TASK DESCRIPTION
I need every line that includes the word "baseline" copied from the material.
----------
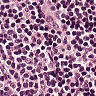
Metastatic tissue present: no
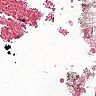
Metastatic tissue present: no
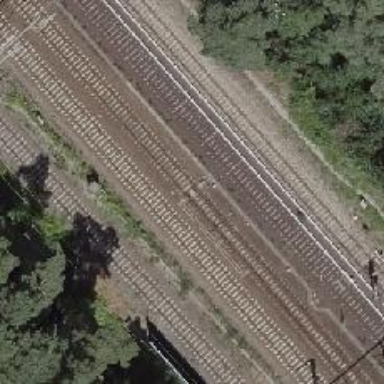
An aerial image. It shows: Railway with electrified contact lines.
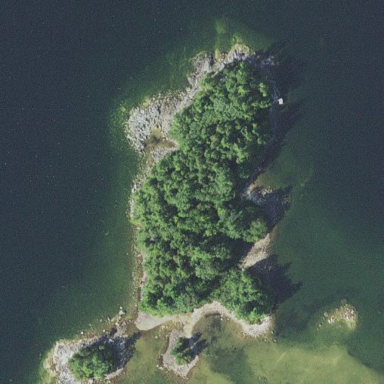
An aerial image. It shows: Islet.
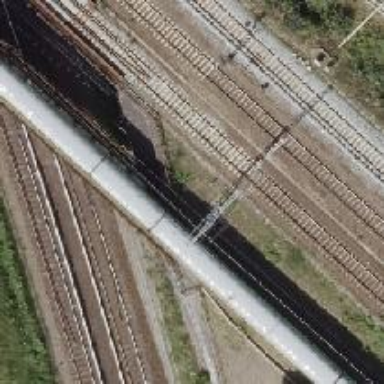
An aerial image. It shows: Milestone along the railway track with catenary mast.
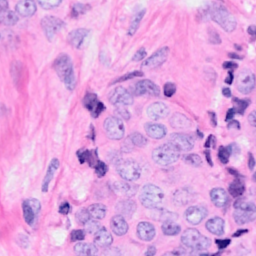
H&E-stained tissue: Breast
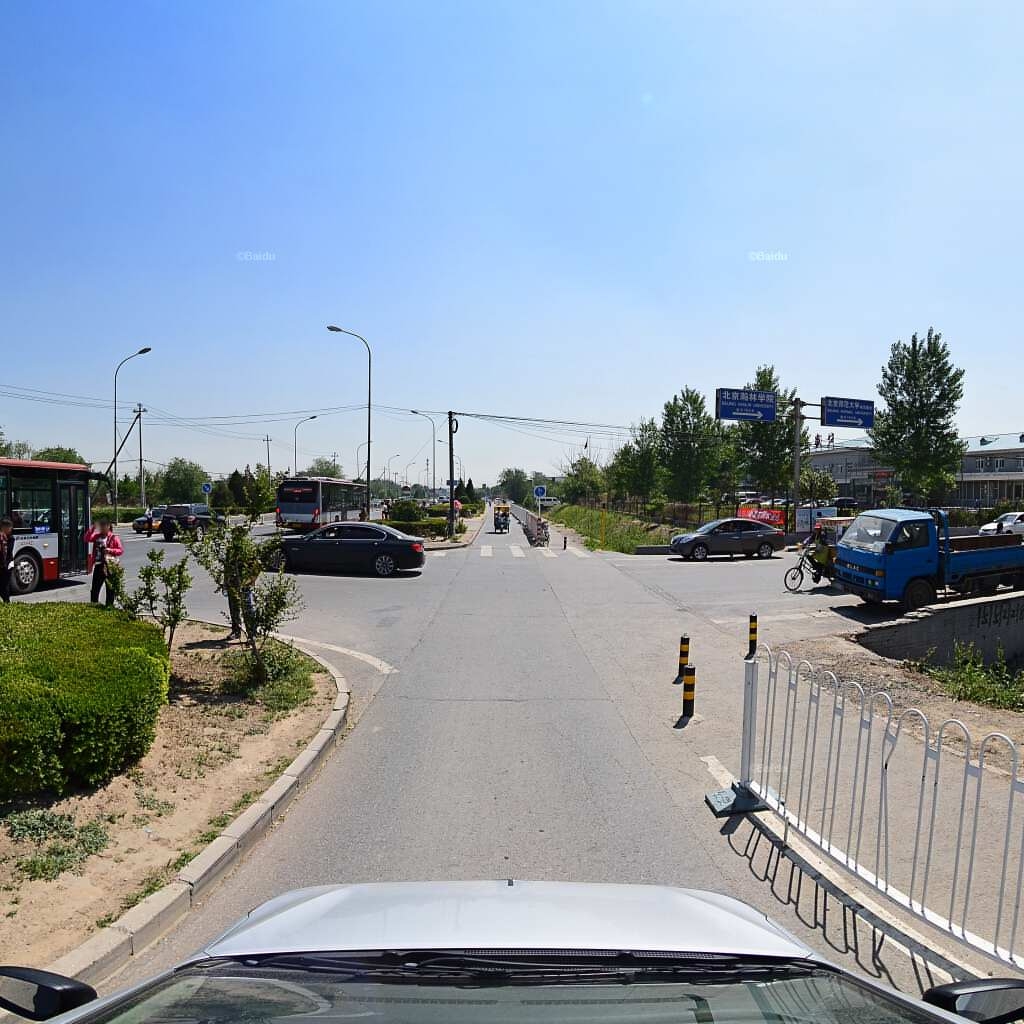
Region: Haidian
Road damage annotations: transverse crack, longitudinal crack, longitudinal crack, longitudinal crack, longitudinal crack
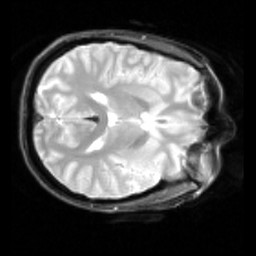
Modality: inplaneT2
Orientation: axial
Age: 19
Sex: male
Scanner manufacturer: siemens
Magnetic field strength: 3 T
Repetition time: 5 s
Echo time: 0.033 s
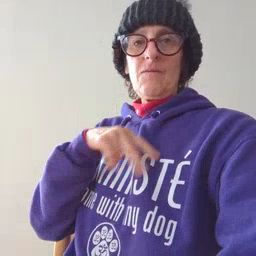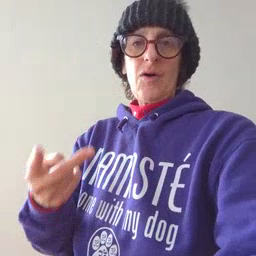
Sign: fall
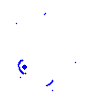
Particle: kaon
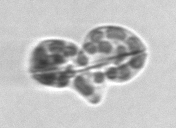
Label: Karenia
----------
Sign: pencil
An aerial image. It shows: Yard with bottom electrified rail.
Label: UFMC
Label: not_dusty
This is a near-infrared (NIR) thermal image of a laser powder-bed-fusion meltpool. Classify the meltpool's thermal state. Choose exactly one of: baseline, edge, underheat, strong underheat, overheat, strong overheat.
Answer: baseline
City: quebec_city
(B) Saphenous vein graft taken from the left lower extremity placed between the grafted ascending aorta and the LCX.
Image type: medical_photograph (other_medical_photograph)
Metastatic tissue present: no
----------
SOLUTION TO THIS PROBLEM
This is a near-infrared (NIR) thermal image of a laser powder-bed-fusion meltpool. Classify the meltpool's thermal state. Choose exactly one of: baseline, edge, underheat, strong underheat, overheat, strong overheat.
Answer: baseline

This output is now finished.